Within my social circle, 8 weddings have taken place since my own wedding occurred.
5 of them are already over.
I don’t purport to know anything about what goes on in anyone’s marriage. You can never know what is happening behind closed doors. All I can speak of is just the inexplicable and overwhelming feeling of sadness I experienced after hearing of the latest casualty just this past weekend.
Divorce happens. I get that. I would never proclaim that people should stay married no matter what. Of course there are always valid reasons for a divorce. Even if the reason is simply that you just don’t want to be married anymore–well, that’s still valid. That may actually rank up there as a great reason because why stay in a marriage if you truly don’t want to be in it? That’s not fair to your spouse or even to yourself. But there’s just something gnawing at me about the dissolution of unions after two or three years; something that, honest-goodness, I am left in earnest to sincerely wonder: if the reason for divorce falls anywhere under the umbrella of “irreconcilable differences”, then can you really already know that to be true?
I don’t know about anyone else, but for us, even with the regular, everyday run- of- the- mill squabbles, the first two years (which included two babies under two!) was still essentially our honeymoon phase. It wasn’t even until the second or third year before we had a clash so aggrandized that it took my breath away and caused an immediate “OMG am I heading for divorce already?” type of panic. And truthfully, that panic was real. Maybe that’s everyone’s first thought when such a fight occurs. And because that panic is so deep and palpable, it can be hard to see beyond that. The fear even mounted as days went by and the anger was not dissipating. Still the tension was so great that we couldn’t even attempt for two seconds to be in the same room, let along speak to one another. It was a dark and scary period, to say the least. For a newlywed experiencing that for the first time, I can genuinely see how such an incident could spur on thoughts of ending the marriage.
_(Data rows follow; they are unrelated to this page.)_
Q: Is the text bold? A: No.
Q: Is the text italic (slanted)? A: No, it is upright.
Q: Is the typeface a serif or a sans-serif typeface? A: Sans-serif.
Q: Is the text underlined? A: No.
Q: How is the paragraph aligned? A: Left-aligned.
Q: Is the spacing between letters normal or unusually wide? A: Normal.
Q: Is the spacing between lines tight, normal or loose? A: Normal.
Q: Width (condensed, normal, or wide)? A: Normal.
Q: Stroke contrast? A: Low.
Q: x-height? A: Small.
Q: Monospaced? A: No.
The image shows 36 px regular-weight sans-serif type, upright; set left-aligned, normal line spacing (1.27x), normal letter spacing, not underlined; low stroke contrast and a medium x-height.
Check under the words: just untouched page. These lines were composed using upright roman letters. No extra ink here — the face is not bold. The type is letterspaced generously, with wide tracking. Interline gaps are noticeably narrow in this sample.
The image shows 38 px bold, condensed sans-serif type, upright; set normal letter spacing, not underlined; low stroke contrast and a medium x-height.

But, as all storms do, it eventually passed. Finally, cooler heads prevailed and allowed for meaningful communication. Not that every issue was fixed. I’m not sure that they ever can all go away. Our generation has delayed marriage and has already lived on our own for extended periods of time well into our post-college adulthood that we would be hard-pressed to think there is much we can “change” about the other at this point. What I’m learning is that is possible to better adapt to him and to worry only about changing and controlling my own behaviors and (re)actions. If I had chosen to run at the first sign of a breakdown in communication then I would have already thrown in the towel as well. But whenever I would start inching along that line of thinking, it’d quickly be replaced by the thought that calling it quits after just 2-3 yrs just seemed so…premature. And I would think to myself, have I really even been married long enough for me to come to so foregone a conclusion? Thinking back on all our time together, I would remind myself there is way more good than just this small finite blip. With that perspective, even in my deepest moments of anger, I was able to acknowledge that to give up at this early of a stage was an idea that just didn’t make much sense.
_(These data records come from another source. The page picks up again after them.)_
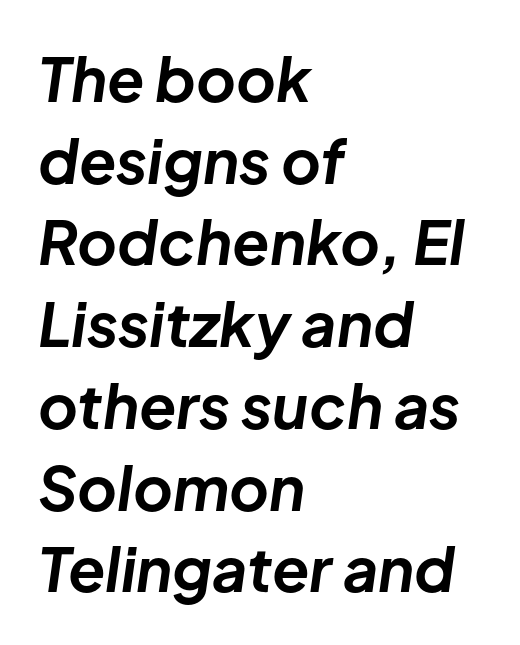
Q: Is the text bold? A: Yes.
Q: Is the text italic (slanted)? A: Yes, it leans right by about 8 degrees.
Q: Is the text underlined? A: No.
Q: How is the paragraph aligned? A: Left-aligned.
Q: Is the spacing between letters normal or unusually wide? A: Normal.
Q: Is the spacing between lines tight, normal or loose? A: Normal.
Q: Width (condensed, normal, or wide)? A: Normal.
Q: Stroke contrast? A: Low.
Q: x-height? A: Medium.
Q: Monospaced? A: No.
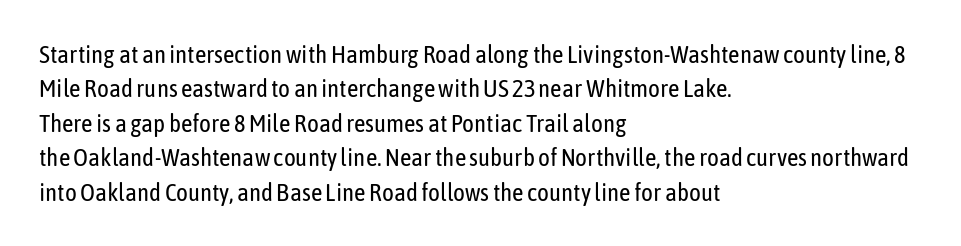
Q: Is the text bold? A: No.
Q: Is the text italic (slanted)? A: No, it is upright.
Q: Is the text underlined? A: No.
Q: How is the paragraph aligned? A: Left-aligned.
Q: Is the spacing between letters normal or unusually wide? A: Normal.
Q: Is the spacing between lines tight, normal or loose? A: Normal.
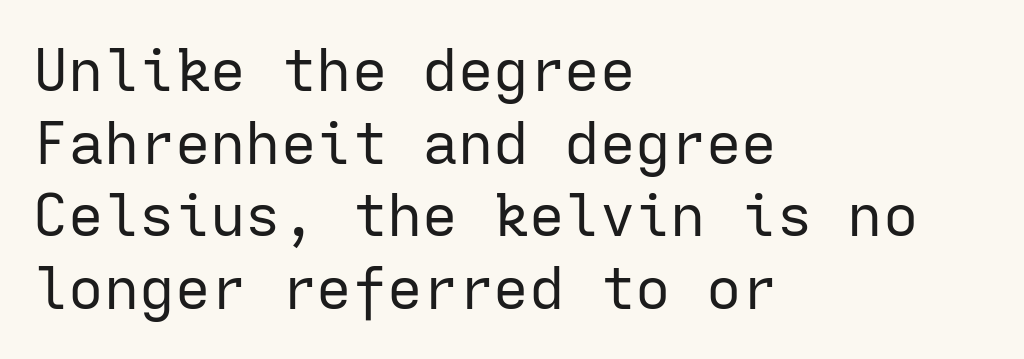
Q: Is the text bold? A: No.
Q: Is the text italic (slanted)? A: No, it is upright.
Q: Is the typeface a serif or a sans-serif typeface? A: Sans-serif.
Q: Is the text underlined? A: No.
Q: How is the paragraph aligned? A: Left-aligned.
Q: Is the spacing between letters normal or unusually wide? A: Normal.
Q: Width (condensed, normal, or wide)? A: Normal.
Q: Stroke contrast? A: Low.
Q: x-height? A: Medium.
Q: Monospaced? A: Yes.

That was just the first time.
Of course there have been times of supreme annoyance and irritation since then as well, the majority of which are gone as quickly as they came; only just a few that hang around and linger a little longer than I’d like. In those moments I allow myself to feel angry, to acknowledge that I’m really not feeling him right now, and to accept that that’s OK. In any previous relationship, those moments may have seemed insurmountable and would have served as reason enough to leave. I’m sure many of us are guilty at ending relationships early on because the effort to improve and sustain just didn’t seem worth it. And maybe then, it wasn’t. But this time, for the person I thought well enough of to marry, the work seems worth it.
I’m not sure that marriage is for everyone. Maybe it’s not. Maybe it’d be better if people were truly willing to try anything and everything to work things out before calling it quits instead of getting married with the notion that “Oh, if I change my mind I can always get divorced”. Maybe instead of a mandated period that couples must be separated before a divorce is granted, there should instead be a mandated amount of time before a marriage license will be issued, with ongoing required counseling throughout. “Wedded bliss” is not every day. What is every day is the conscious choice we make to stay married.
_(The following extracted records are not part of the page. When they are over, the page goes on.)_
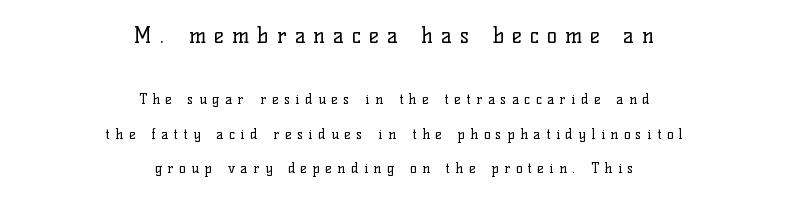
The image shows 21 px text type, upright; set centered, loose line spacing (2.46x), unusually wide letter spacing (+0.39 em), not underlined; the first (top) block is 1.5x larger.
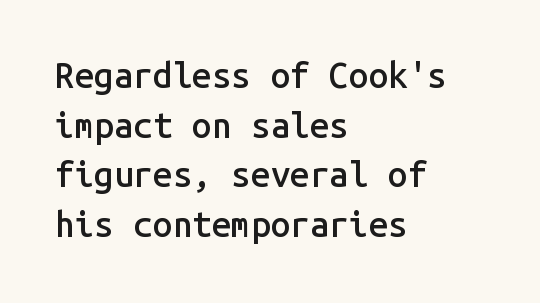
{"serif": "no", "italic": "no", "bold": "semi", "weight": "semibold", "width": "normal", "stroke_contrast": "low", "x_height": "medium", "monospaced": "yes", "underline": "no", "align": "left", "line_spacing": "normal", "line_spacing_ratio": 1.42, "letter_spacing": "normal", "letter_spacing_em": 0.0, "glyph_px": 35}
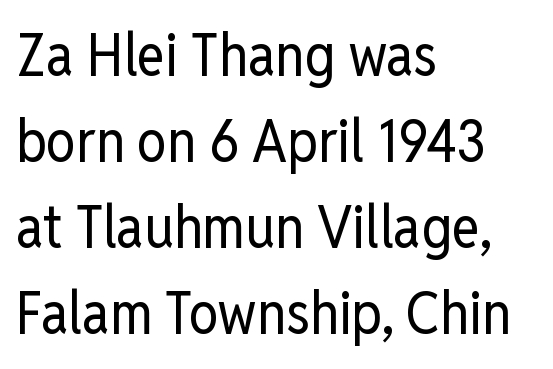
The image shows 59 px regular-weight, condensed sans-serif type, upright; set left-aligned, normal line spacing (1.46x), normal letter spacing, not underlined; low stroke contrast and a medium x-height.
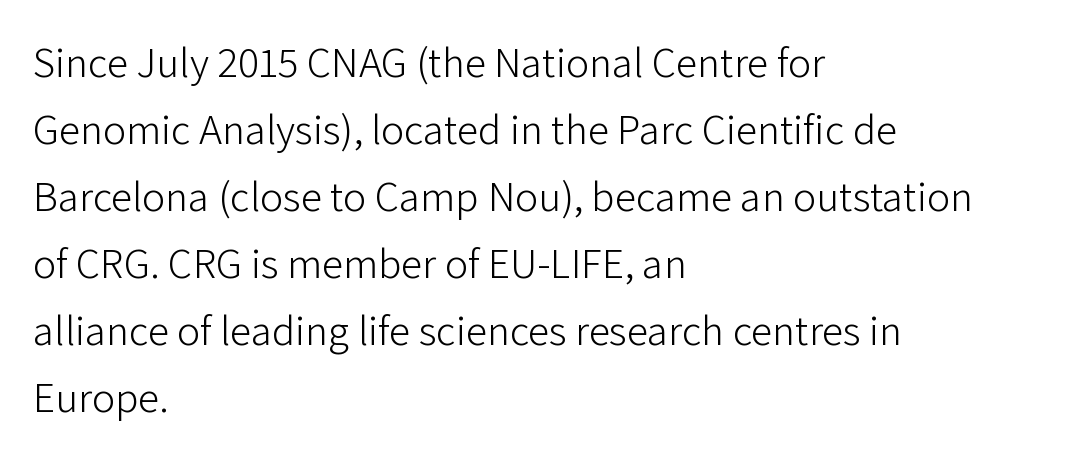
{"serif": "no", "italic": "no", "bold": "no", "weight": "light", "width": "normal", "stroke_contrast": "low", "x_height": "medium", "monospaced": "no", "underline": "no", "align": "left", "line_spacing": "normal", "line_spacing_ratio": 1.56, "letter_spacing": "normal", "letter_spacing_em": 0.0, "glyph_px": 43}

Look, I can count on one hand how long I’ve been married and still have fingers left over, so at the end of the day, what do I know? Not much, and I’ll be the first to acknowledge that. But I was fortunate enough to enter matrimony with the wisdom and knowledge bestowed upon me from generations of lasting unions. My parents have been married 41 years, my aunts and uncles and other relatives even longer. Through them I’ve witnessed firsthand that there’s never been a truer statement than “marriage has its ups and its downs”. There have been divorces in my family too. And even those experiences, seeing how it unfolded and how they ultimately came to that decision, provided valuable insight as well. Through all of these lessons imparted upon me, it is my hope that I am better equipped to know not just when to walk, but when to work.